Even as blissed-out as I was in my surety that I’d finally found the one, work deadlines consumed me. I was distracted and exhausted. Robert protested up and down that everything was fine, but that did not stop him from growing more distant as the winter progressed, which only made me cling harder. When we did see each other, with booze in our bloodstream, we had sex like we had in the beginning. In the morning, I woke feeling bleary and bruised and went back to my computer, where I stayed for days at a time.
When I opened the file for the book I’d been hired to write, I lost myself in the story I’d been told by my client, whom I genuinely liked, and the sheer joy I felt when I got caught up in the puzzle of moving prose around on the page.

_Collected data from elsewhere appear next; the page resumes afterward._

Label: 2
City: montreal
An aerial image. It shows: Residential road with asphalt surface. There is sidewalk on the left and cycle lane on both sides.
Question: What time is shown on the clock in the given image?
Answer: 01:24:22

It was a welcome respite from the seemingly bottomless longing I felt, which never seemed to alter in any measurable way, even if the men I was longing for changed.

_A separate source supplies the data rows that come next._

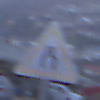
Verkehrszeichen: VerengteFahrbahn
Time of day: SunriseSunset
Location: Outdoor (Urban)
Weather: Overcast
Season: NotSpecified
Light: Natural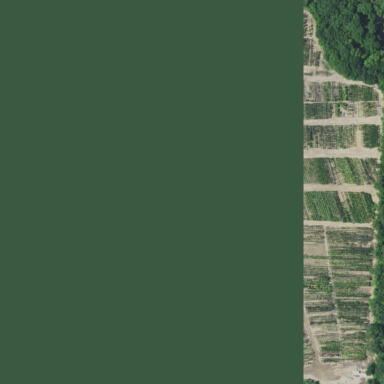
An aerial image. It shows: Plant nursery filled with trees.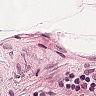
Metastatic tissue present: no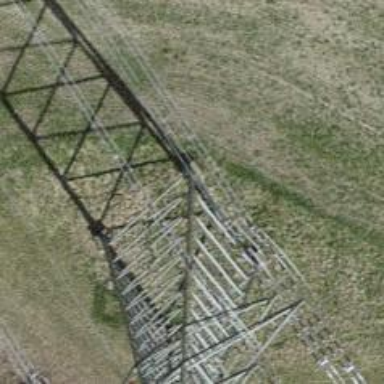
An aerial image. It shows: Power tower.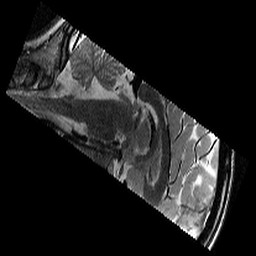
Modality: T2w
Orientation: sagittal
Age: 11
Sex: male
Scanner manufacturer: siemens
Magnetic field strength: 3 T
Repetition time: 9.23 s
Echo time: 0.067 s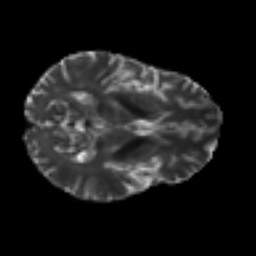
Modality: T2w
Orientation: axial
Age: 47
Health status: ill
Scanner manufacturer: philips
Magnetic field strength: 3 T
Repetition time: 9 s
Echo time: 0.127 s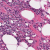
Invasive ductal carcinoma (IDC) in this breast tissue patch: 0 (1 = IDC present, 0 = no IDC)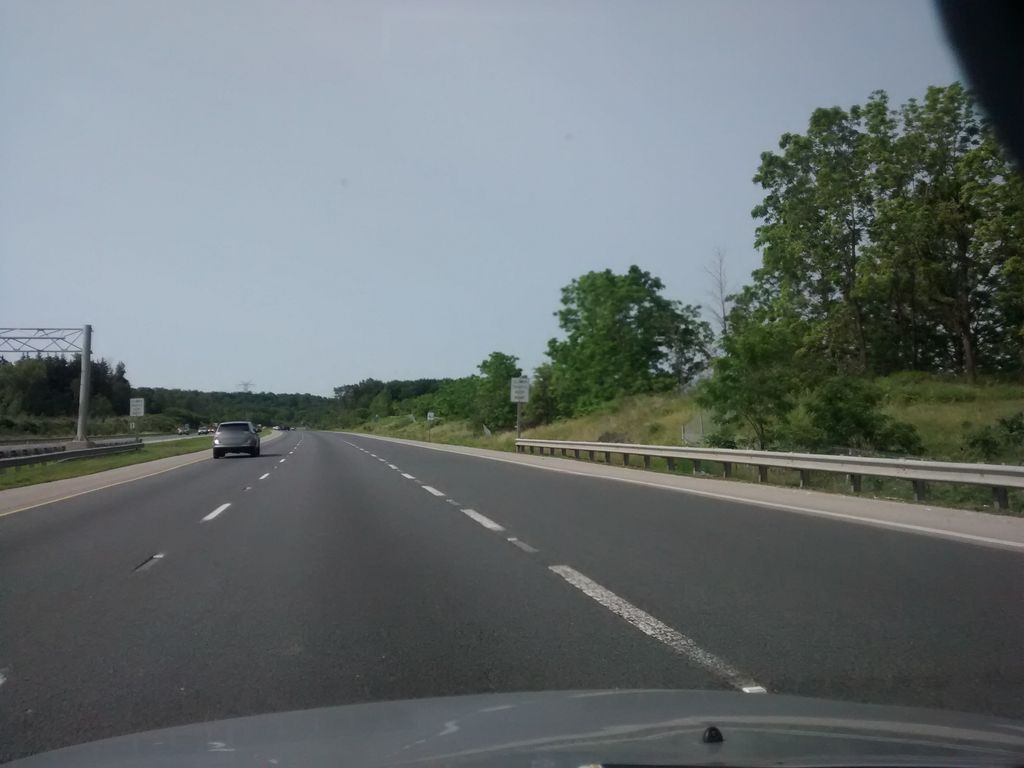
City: hamilton

In the first few months of our relationship, Robert had sent me his schedule every week, so I could go to events with him, and we could plan to hang out on his days off. Now, when I asked him about the week ahead, he ran through the plans he had already made for his free time. I sat, staring at him, frozen with fear and dread.
“So you’re not going to see me at all next week,” I said.

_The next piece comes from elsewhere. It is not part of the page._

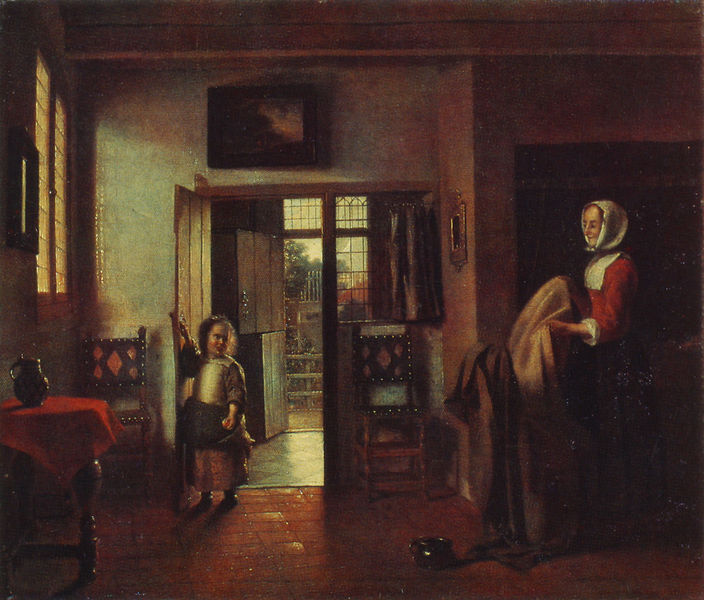
Titel: Im Schlafzimmer
Künstler: Pieter de Hooch
Institution: Karlsruhe, Staatliche Kunsthalle
Schlagwörter: dunkel, gemälde, grün, mädchen, fenster, frau, licht, raum, stuhl, stühle, tisch, tür, zimmer, ausblick, haus, rot, tuch, kleidung, kragen, bild, spiegel, tischdecke, tischtuch, vorhang, decke, innen, kind, mutter, garten, kanne, krug, lächeln, schürze, topf, magd, chair, oil, red, stair, window, country, dark, dress, interior, old, painting, room, table, woman, kopftuch, blanket, mirror, picture, brown, pot, stube, vase, fliesen, nachttopf, tracht, küche, girl, house, boy, child, light, frame, shadow, mother, door, outside, alkoven, home, stuh, dutch, genre, doorway, jug, daughter, bucket, mom, stune, housework, window pane, please, frau kind interieur, innenraum gemälde mobiliar, kleidung geschirr spielzeug, chores, walfloor, chorse, womanred

“Well, you’ve been so busy,” he said.
At the end of one such exchange, he was sitting in a wingback chair at his house, impassive and closed off. I ended up kneeling by his chair, my arms around his waist. I knew I was clinging, literally, but if I didn’t move toward him, there would be nothing left of our relationship for me to reconnect with after my deadline.
“We’ll talk about it after your book is done,” he said.
“Talk about what?” I asked. “I don’t understand what’s going on.”
“Everything is fine,” he
said. “Just get your book done.”
For the last week of my deadline, I slept six hours a night and spent literally every other waking moment working on the manuscript. When I handed it in, a week late because of the client’s last-minute changes, Robert and I went to Malibu for a night away, which I’d planned carefully and then postponed. I wanted to have sex. He wanted to have adventures. When he reached for a napkin in my glove box, he found there were none.
“How do you expect to be a mom if you don’t have paper towels in your glove box?” he asked.
Instead of defending myself, I made a mental note to get some napkins.
I’d bought a Frisbee and a kite for our weekend away, and as he tossed the white disc to me on the beach, he laughed.
“Maybe you’ll be a good mom after all,” he said.
I stared at him in disbelief but held my tongue.
When we got back to his house, I was supposed to go to a friend’s birthday party, and he wanted to bow out and spend the night at home. Even though we’d just spent twenty-four hours together on a supposedly romantic getaway, I felt farther away from him than ever. I melted down, sobbing and shuddering on his bed.
He drove me to the party and remained cheerful throughout, but I didn’t feel victorious. It hadn’t been a battle or a point I’d been trying to prove. I regularly drove to Texas and Tennessee by myself and had no problem going to a party alone. What I was fighting for, clumsily, was something much deeper and harder to get at than that. I wanted closeness from him, and I did not feel it simply because he was standing in the same room with me, or sleeping in the same bed. Every good moment we spent together was evidence I stored up to ward off this feeling of lurking trouble, but the shadows persisted.
In mid-April, Robert came over on a Friday night. This was usually our date night. But he didn’t ask me where I wanted to eat or grab his keys to head out the door. Instead, he sat heavily on my love seat, and he didn’t move at all.